To my surprise, without any prompting or discussion from me, my six year old daughter picked up on the frequency and began to send my mom “hugs” in the mail, writing with misspelled words and lots of hearts and flowers how she wished “NeNe” lived here along with, of course, how much she loved her.

She would even put one of her $1 bills in the envelope, which then inspired my four-year-old son to do the same. I told them they didn’t need to send NeNe money, but they insisted that maybe it would help her to pay her way to move to our town.

In a couple of months, my mom will turn 70 years old. Last week she sold her house for more than her asking price. She listed the house on my dad’s birthday (he died suddenly from a heart attack 14 years ago), and one week later it was under contract to a soon-to-be married couple that she really connected with.

Out of the blue (wink wink), strangers began offering their services to help her move. She’s donating things left and right to the upcoming church sale and to the Salvation Army. She has always wanted to see New York City, so she has a trip planned for after her birthday to visit my cousins and see it for the first time, making another dream come true.

She says she feels light, free, healthy, relaxed, and with energy to wake up each day to see what else is going to unfold. She will be moving to our town this summer to live near her grandkids, and the first thing she’s going to do is take them out for ice cream.

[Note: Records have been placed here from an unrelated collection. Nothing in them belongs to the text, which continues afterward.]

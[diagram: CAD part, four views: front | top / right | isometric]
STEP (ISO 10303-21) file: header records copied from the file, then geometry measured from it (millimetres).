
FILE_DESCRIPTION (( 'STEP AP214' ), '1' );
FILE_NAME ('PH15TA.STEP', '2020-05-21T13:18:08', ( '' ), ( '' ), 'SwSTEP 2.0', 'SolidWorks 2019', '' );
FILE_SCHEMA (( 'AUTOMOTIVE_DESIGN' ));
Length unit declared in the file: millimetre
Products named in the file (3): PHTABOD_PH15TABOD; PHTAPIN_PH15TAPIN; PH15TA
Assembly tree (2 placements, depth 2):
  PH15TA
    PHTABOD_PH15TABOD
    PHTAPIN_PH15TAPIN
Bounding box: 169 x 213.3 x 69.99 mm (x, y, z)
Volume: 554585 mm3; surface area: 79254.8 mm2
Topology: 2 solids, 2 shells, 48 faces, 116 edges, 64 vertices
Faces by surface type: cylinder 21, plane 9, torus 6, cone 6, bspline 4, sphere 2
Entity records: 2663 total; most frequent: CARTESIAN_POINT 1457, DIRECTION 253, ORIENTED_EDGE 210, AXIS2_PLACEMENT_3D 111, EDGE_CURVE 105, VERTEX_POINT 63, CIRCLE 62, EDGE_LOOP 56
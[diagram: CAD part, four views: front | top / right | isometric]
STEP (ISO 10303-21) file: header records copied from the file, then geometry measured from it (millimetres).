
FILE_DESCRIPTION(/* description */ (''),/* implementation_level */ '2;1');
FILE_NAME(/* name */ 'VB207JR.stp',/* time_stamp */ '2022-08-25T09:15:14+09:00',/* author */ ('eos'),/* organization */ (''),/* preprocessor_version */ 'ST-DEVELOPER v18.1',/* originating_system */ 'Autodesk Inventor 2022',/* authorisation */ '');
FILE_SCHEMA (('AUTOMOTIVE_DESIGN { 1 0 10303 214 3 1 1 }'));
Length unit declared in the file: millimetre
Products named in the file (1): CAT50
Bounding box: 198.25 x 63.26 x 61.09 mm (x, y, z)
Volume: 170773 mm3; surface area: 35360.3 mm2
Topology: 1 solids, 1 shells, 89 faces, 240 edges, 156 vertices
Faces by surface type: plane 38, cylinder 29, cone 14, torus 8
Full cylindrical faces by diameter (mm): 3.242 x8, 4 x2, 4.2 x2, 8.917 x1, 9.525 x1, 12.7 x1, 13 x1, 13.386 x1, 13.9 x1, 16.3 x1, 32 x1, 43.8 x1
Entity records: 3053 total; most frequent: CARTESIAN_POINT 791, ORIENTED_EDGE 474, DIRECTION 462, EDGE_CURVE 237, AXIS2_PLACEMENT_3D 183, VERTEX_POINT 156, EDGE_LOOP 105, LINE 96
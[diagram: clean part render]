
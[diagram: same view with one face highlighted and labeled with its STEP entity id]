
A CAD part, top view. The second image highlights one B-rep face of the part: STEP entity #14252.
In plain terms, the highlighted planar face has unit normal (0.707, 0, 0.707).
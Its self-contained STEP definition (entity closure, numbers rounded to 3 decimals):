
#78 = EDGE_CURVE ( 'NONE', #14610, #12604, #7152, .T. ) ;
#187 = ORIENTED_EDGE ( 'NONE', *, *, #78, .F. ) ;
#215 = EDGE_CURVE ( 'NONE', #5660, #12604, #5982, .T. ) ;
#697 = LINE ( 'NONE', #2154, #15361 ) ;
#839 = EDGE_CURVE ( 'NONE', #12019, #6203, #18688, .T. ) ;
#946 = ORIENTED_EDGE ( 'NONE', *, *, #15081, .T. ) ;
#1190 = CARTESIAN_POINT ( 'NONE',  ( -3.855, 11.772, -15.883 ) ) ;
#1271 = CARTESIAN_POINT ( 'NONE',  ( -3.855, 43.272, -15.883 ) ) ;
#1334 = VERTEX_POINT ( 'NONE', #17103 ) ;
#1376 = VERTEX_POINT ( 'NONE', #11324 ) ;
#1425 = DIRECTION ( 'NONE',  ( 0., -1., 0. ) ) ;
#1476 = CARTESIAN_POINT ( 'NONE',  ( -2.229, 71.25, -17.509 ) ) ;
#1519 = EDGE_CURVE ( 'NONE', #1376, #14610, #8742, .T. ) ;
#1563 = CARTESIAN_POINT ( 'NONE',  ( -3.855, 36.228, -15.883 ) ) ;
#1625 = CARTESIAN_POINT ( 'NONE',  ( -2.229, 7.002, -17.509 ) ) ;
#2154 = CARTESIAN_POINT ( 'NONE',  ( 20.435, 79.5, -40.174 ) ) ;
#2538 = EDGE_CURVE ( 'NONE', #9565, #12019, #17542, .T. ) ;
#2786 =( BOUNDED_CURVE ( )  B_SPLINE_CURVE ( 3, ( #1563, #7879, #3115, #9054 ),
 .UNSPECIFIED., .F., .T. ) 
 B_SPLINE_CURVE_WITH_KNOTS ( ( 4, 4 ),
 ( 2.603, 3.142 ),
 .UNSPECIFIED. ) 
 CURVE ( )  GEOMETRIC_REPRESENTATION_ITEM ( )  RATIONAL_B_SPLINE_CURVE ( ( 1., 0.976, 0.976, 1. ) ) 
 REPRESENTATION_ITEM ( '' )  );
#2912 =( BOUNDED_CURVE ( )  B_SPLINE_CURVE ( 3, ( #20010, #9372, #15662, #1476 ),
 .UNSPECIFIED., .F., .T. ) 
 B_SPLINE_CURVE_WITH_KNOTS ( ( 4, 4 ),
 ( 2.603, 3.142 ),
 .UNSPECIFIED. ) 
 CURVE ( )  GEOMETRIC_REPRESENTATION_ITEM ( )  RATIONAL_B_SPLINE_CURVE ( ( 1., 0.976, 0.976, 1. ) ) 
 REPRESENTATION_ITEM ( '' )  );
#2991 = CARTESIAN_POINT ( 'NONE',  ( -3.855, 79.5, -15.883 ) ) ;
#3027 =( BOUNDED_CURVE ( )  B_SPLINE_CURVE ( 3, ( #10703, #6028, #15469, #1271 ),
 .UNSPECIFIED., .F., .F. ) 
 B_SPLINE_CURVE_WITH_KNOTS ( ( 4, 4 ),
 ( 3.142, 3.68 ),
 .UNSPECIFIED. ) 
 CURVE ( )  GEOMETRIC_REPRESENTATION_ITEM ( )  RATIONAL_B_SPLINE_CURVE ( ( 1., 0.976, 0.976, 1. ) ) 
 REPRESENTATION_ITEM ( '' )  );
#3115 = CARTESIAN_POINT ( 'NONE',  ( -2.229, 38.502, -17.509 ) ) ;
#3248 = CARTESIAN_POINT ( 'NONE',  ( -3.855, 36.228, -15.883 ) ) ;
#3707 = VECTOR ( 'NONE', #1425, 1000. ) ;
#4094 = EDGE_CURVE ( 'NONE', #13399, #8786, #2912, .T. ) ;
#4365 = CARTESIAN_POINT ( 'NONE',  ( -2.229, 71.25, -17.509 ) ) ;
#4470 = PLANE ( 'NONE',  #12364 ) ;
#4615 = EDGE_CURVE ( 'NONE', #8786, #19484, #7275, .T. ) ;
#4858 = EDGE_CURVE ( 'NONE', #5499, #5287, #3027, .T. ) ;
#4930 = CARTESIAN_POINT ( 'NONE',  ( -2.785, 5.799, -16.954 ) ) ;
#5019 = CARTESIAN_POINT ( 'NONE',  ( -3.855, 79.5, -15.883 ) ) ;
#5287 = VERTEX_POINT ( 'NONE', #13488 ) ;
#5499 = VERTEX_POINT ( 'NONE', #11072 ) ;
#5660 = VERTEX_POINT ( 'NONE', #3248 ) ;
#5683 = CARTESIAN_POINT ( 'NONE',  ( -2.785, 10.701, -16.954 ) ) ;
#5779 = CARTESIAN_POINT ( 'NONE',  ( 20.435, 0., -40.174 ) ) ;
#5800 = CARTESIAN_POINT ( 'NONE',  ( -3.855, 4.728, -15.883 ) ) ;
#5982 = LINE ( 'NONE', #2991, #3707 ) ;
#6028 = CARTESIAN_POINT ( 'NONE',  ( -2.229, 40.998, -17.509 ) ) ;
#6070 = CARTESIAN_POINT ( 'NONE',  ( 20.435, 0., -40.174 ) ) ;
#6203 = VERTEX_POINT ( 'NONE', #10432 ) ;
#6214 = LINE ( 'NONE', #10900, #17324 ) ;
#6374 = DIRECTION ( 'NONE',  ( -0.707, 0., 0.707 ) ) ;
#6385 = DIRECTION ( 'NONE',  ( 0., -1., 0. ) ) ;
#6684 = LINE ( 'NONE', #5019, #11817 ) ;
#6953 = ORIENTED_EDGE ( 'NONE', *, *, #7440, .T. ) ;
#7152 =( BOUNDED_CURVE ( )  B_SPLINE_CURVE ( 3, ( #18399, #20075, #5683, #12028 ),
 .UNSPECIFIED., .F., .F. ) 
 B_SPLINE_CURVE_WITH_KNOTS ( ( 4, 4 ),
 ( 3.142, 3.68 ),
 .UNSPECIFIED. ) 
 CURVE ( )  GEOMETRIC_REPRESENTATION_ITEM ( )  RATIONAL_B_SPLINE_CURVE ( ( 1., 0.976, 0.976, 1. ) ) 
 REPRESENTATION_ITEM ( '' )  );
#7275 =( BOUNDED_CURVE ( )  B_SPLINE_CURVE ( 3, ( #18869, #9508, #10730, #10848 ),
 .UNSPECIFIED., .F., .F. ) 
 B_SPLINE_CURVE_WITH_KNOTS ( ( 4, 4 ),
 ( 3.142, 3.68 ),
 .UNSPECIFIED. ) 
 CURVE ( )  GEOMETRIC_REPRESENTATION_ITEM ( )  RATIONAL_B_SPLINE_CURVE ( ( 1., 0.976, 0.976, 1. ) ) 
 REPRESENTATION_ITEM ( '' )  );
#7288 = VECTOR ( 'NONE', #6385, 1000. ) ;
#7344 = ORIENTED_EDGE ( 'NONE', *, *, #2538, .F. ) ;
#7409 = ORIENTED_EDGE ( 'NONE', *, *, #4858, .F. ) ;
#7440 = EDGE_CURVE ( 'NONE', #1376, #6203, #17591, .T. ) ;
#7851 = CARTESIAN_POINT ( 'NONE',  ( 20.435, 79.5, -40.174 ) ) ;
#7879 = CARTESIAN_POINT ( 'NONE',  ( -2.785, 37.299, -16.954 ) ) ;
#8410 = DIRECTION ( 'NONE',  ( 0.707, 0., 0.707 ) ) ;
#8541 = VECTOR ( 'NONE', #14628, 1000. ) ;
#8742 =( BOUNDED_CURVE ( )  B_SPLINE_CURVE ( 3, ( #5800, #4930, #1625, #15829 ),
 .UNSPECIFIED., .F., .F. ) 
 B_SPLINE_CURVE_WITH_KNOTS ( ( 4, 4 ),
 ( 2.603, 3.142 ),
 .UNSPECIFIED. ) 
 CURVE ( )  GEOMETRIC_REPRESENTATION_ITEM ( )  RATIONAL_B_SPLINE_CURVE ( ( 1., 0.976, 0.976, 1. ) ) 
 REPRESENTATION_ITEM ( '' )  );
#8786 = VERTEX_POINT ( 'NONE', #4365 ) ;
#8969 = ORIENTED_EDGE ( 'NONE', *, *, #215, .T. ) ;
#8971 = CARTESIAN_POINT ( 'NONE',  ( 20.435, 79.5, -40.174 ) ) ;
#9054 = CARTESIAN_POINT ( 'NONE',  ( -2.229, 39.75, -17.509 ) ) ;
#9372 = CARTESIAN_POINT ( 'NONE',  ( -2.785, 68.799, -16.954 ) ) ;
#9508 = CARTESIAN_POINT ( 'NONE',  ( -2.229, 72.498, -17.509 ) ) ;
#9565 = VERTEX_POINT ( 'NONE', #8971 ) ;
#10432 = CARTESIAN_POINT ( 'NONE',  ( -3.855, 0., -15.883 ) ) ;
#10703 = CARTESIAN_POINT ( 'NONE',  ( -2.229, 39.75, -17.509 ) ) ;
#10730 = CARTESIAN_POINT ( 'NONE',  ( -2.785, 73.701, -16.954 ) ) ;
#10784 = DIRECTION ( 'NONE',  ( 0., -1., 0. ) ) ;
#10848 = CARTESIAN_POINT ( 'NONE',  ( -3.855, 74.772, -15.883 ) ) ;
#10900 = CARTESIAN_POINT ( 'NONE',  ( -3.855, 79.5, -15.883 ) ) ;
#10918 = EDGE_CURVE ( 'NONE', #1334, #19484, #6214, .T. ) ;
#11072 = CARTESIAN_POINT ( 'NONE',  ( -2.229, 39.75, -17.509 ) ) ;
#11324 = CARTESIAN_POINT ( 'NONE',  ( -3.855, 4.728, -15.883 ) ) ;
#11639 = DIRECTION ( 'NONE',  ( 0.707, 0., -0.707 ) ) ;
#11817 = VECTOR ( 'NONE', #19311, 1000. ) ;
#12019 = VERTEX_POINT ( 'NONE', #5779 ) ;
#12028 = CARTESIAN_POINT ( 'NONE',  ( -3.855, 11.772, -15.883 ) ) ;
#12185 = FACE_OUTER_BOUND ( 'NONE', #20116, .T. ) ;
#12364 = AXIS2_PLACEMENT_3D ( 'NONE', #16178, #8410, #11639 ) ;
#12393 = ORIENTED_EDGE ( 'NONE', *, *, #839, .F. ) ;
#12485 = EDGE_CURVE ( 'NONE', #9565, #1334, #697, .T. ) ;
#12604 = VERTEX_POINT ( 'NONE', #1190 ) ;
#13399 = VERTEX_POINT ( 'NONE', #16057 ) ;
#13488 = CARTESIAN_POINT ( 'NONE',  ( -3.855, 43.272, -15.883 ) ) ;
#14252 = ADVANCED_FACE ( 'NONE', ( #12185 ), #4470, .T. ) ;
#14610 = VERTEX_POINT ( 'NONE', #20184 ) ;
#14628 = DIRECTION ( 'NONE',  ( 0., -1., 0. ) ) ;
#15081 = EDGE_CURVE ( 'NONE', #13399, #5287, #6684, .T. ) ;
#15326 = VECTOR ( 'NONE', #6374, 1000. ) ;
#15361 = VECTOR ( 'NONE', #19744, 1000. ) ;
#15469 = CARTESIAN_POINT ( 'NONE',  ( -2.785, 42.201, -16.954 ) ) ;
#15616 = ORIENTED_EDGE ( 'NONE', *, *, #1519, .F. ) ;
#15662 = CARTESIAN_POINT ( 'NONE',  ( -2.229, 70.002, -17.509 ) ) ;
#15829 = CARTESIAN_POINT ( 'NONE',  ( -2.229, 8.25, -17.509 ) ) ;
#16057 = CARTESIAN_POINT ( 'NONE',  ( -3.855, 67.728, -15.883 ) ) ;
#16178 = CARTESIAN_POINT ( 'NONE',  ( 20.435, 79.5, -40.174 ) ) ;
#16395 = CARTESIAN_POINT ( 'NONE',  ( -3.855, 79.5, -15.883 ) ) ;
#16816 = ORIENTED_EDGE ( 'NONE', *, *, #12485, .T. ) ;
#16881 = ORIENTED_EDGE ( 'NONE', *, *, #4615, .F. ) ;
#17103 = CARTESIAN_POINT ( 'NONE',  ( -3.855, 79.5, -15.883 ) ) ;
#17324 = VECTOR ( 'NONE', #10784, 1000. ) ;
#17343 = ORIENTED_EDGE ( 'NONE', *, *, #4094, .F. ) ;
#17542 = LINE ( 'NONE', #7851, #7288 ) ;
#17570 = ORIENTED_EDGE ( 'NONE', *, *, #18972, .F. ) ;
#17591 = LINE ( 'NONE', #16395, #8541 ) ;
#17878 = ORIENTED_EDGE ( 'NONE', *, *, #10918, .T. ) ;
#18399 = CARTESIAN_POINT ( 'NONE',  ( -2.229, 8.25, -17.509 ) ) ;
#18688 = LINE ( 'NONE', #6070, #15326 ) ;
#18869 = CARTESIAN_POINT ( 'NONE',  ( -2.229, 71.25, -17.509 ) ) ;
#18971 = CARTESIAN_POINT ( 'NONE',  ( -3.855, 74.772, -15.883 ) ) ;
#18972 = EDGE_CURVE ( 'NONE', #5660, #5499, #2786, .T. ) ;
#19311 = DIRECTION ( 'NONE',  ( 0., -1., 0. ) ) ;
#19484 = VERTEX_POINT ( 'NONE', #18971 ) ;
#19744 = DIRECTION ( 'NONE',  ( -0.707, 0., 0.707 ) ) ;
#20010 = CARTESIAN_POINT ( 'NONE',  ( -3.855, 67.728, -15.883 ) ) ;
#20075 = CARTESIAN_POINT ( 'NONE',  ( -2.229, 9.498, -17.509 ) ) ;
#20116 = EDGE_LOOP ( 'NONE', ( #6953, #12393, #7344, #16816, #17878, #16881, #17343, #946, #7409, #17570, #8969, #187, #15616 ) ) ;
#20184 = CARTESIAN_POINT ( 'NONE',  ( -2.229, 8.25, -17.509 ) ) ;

It might look like this has happened all of a sudden from the outside, but I know that every day, for a long while now, she has been taking time to visualize herself in the scene of what she would like to be experiencing.

She got clear on what she wanted and divine intelligence arranged in perfect order, in perfect timing, for her wish to come true. She drew the experience to her because she knew what she wanted, and she felt it first, before it happened. She caused an effect!

Her story is another inspiring story that we’re here to love, to be loved, to enjoy, and to thrive. I can hardly wait to see what she creates next. I think her 70s are going to be her best decade yet.